If any moment sums him up, it's his era-defining verse in the Beasties' 1994 classic "Sure Shot." MCA was the Beastie who boasted "I got more rhymes than I got grey hairs," but he was also the one who put his ass on the line with his feminist shout-out, declaring "I wanna say a little something that's long overdue / Disrespecting women has got to be through," and sending his love and respect out to "the mothers and the sisters and the wives and friends." He really could have gotten away without coming right out and saying it. But that wouldn't have been his style.
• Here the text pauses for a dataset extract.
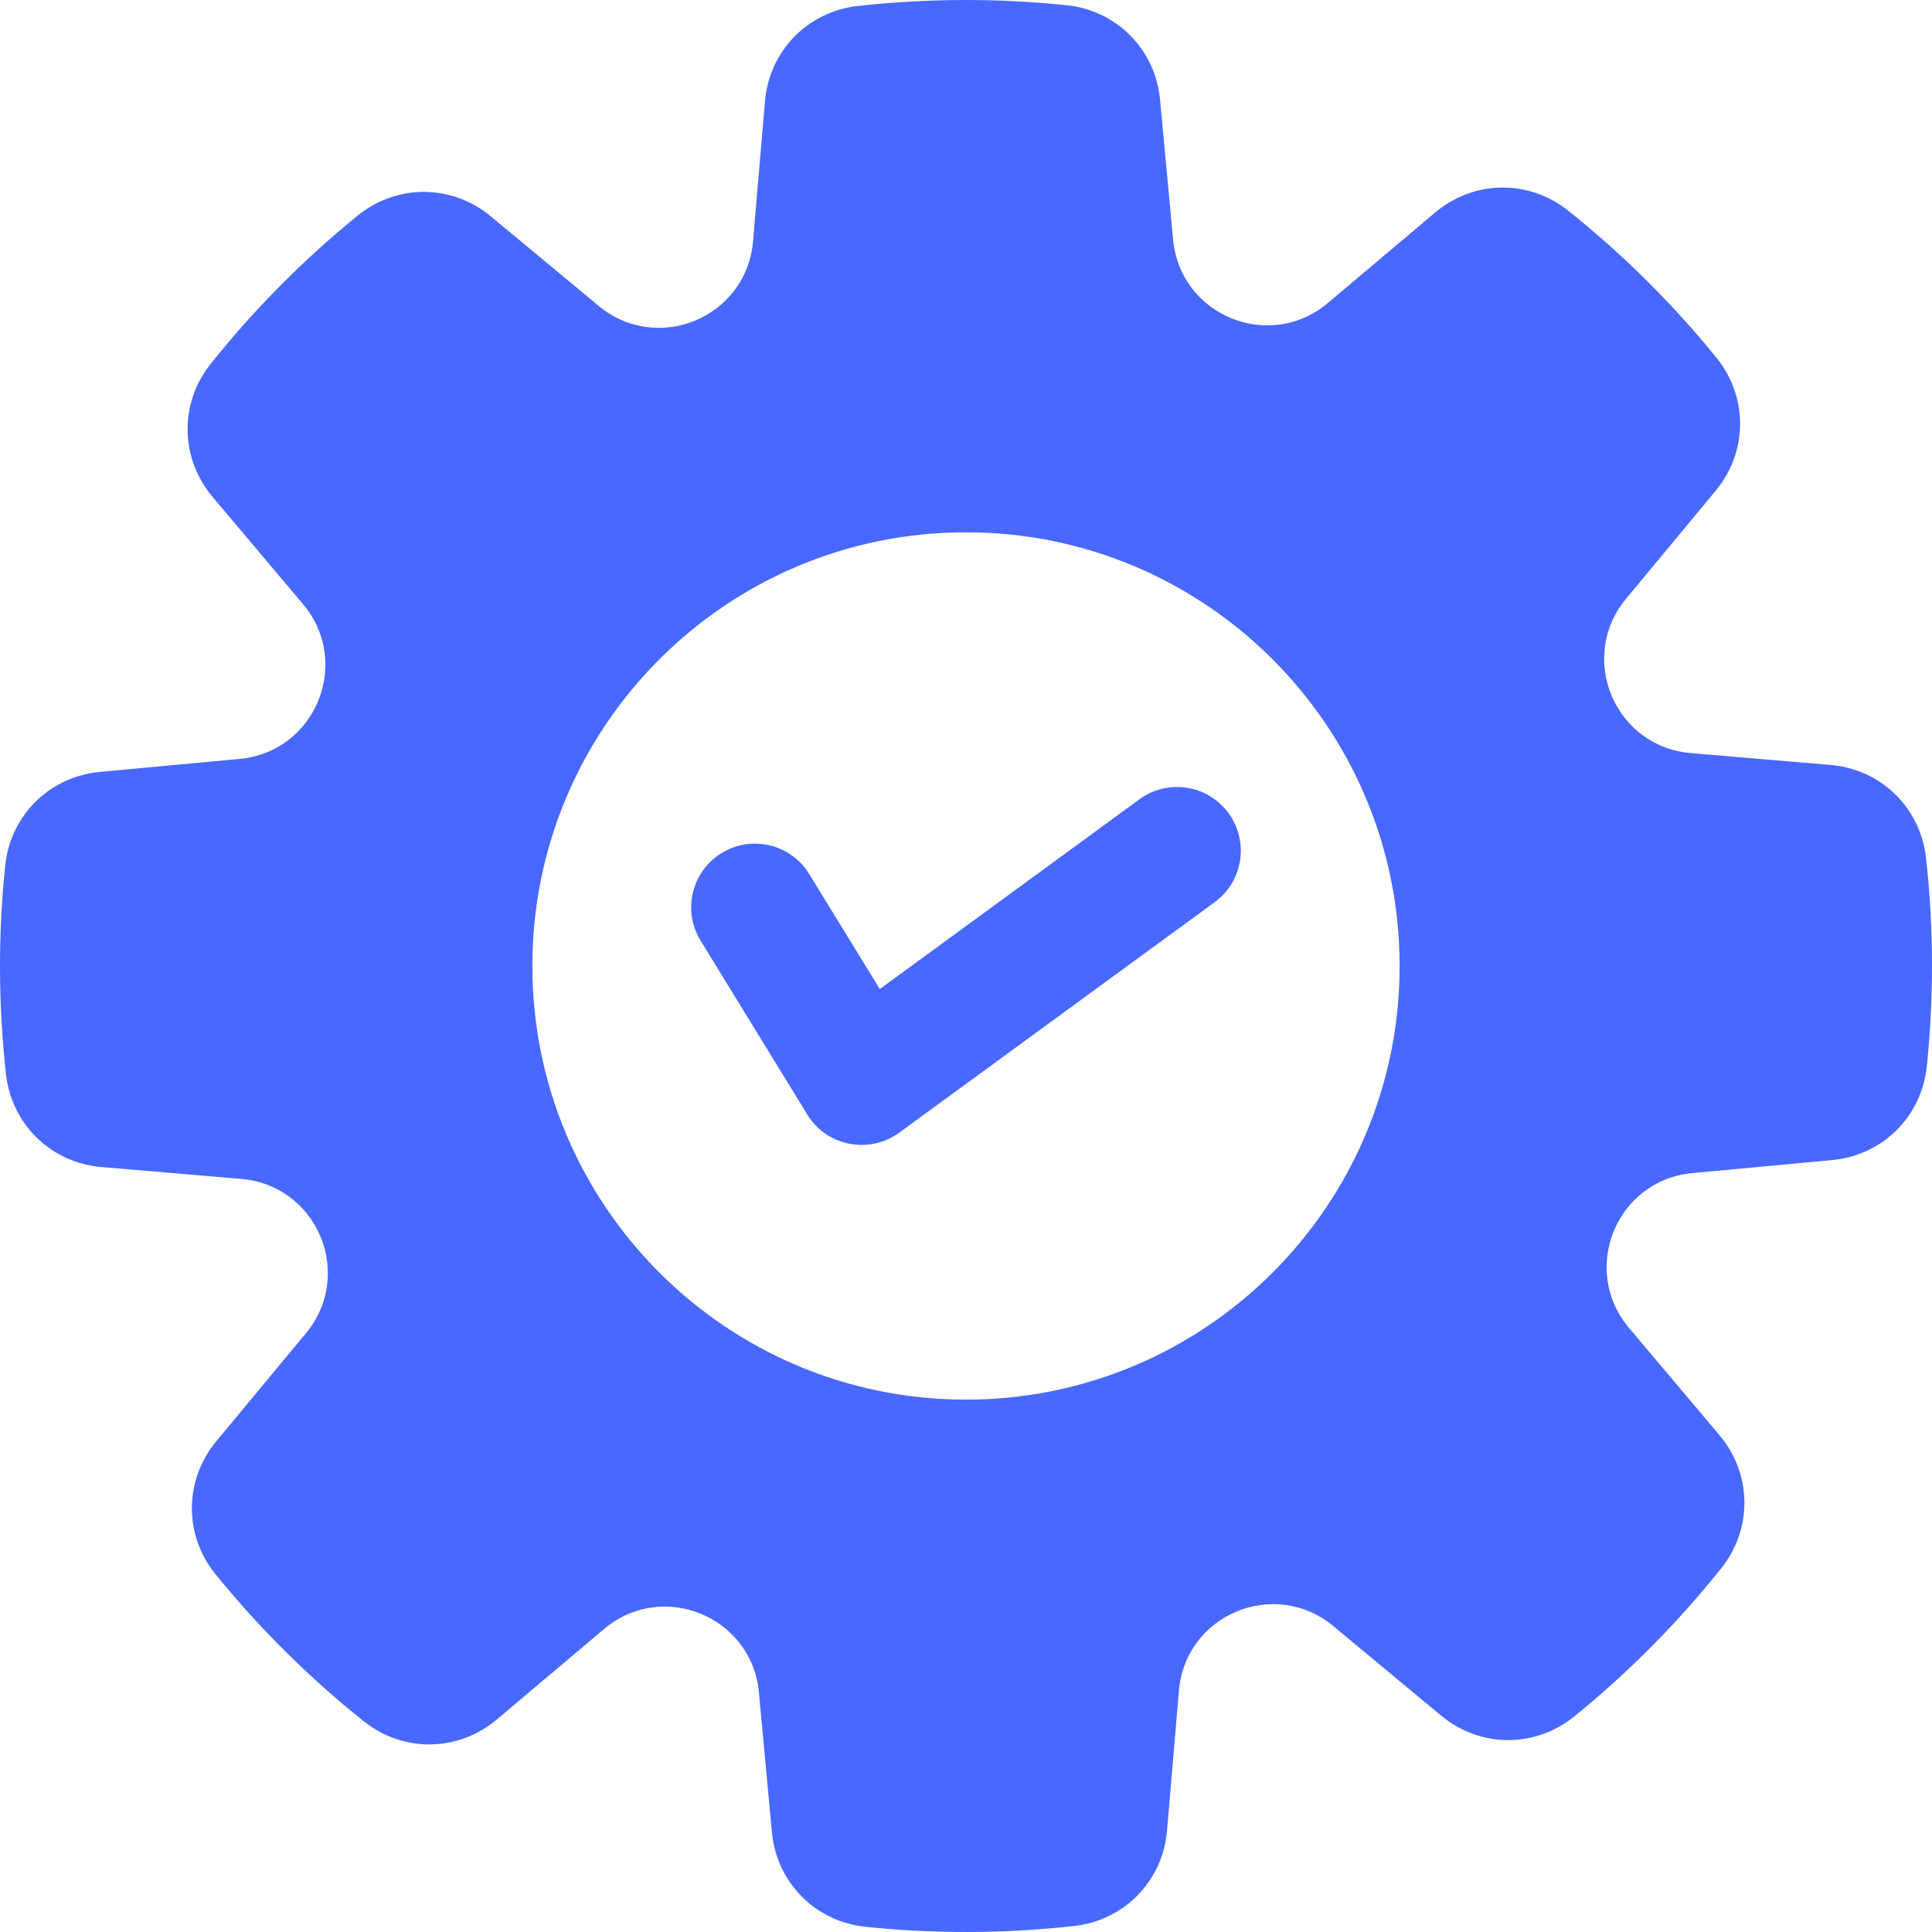 <svg width="50" height="50" viewBox="0 0 50 50" fill="none" xmlns="http://www.w3.org/2000/svg">
<path fill-rule="evenodd" clip-rule="evenodd" d="M27.6 0.134C28.902 0.269 29.902 1.281 30.023 2.584L30.359 6.197C30.542 8.168 32.856 9.116 34.368 7.839L37.141 5.5C38.142 4.656 39.564 4.637 40.586 5.453C41.997 6.579 43.283 7.855 44.42 9.255C45.245 10.272 45.237 11.694 44.401 12.701L42.084 15.493C40.82 17.016 41.786 19.322 43.758 19.49L47.376 19.797C48.68 19.908 49.7 20.901 49.845 22.202C50.044 23.991 50.052 25.808 49.865 27.599C49.73 28.902 48.719 29.901 47.416 30.023L43.802 30.359C41.831 30.542 40.884 32.855 42.16 34.368L44.499 37.141C45.343 38.142 45.362 39.564 44.546 40.586C43.42 41.996 42.145 43.283 40.744 44.42C39.728 45.245 38.306 45.237 37.298 44.401L34.507 42.084C32.983 40.82 30.677 41.786 30.51 43.758L30.203 47.376C30.092 48.68 29.099 49.7 27.797 49.845C26.008 50.044 24.192 50.052 22.4 49.865C21.098 49.73 20.098 48.719 19.977 47.416L19.641 43.802C19.458 41.831 17.144 40.883 15.632 42.16L12.859 44.499C11.858 45.343 10.436 45.362 9.414 44.546C8.003 43.42 6.717 42.144 5.58 40.744C4.754 39.728 4.763 38.305 5.599 37.298L7.916 34.506C9.18 32.983 8.214 30.677 6.242 30.51L2.624 30.203C1.32 30.092 0.3 29.099 0.155 27.798C-0.044 26.009 -0.052 24.192 0.135 22.401C0.27 21.098 1.281 20.099 2.584 19.977L6.198 19.641C8.169 19.458 9.116 17.145 7.84 15.632L5.501 12.859C4.657 11.858 4.638 10.436 5.454 9.414C6.58 8.004 7.856 6.717 9.256 5.58C10.272 4.755 11.694 4.763 12.702 5.599L15.493 7.916C17.017 9.18 19.323 8.214 19.489 6.242L19.797 2.625C19.907 1.32 20.9 0.3 22.202 0.155C23.992 -0.044 25.807 -0.052 27.599 0.135L27.6 0.134ZM18.129 24.34L20.891 28.841C21.397 29.67 22.492 29.877 23.273 29.313L31.438 23.347C32.172 22.809 32.331 21.777 31.793 21.042C31.255 20.308 30.223 20.148 29.488 20.686L22.769 25.597L20.944 22.623C20.47 21.846 19.456 21.6 18.678 22.075C17.901 22.549 17.654 23.563 18.129 24.34ZM25 13.776C18.801 13.776 13.777 18.802 13.777 24.999C13.777 31.197 18.802 36.222 25 36.222C31.197 36.222 36.222 31.197 36.222 24.999C36.222 18.802 31.197 13.776 25 13.776Z" fill="#4868FF"/>
</svg>

The Beasties were easily the most important and influential band-qua-band of the past few decades, taking hip-hop and punk rock and stoner-fuzak jazz and raver electro-disco and Brazilian bossa nova and Japanese new wave and stir-frying it all in their wok. And MCA was the one who was most lyrically and vocally overt about the band's transformations, in terms of feminism, Buddhism, Tibet, etc. But more importantly, he epitomized the idea that loving music puts you in a frame of mind to embrace the whole world with passionate curiosity. He made all his discoveries, from snowboarding to marriage to fatherhood to political activism, sound like they were all part of the same lifelong musical adventure. And it was an adventure where any listener could join him and his brother Beasties, just by shaking rump to "Root Down" or "Unite" or "No Sleep Till Brooklyn" or "Car Thief."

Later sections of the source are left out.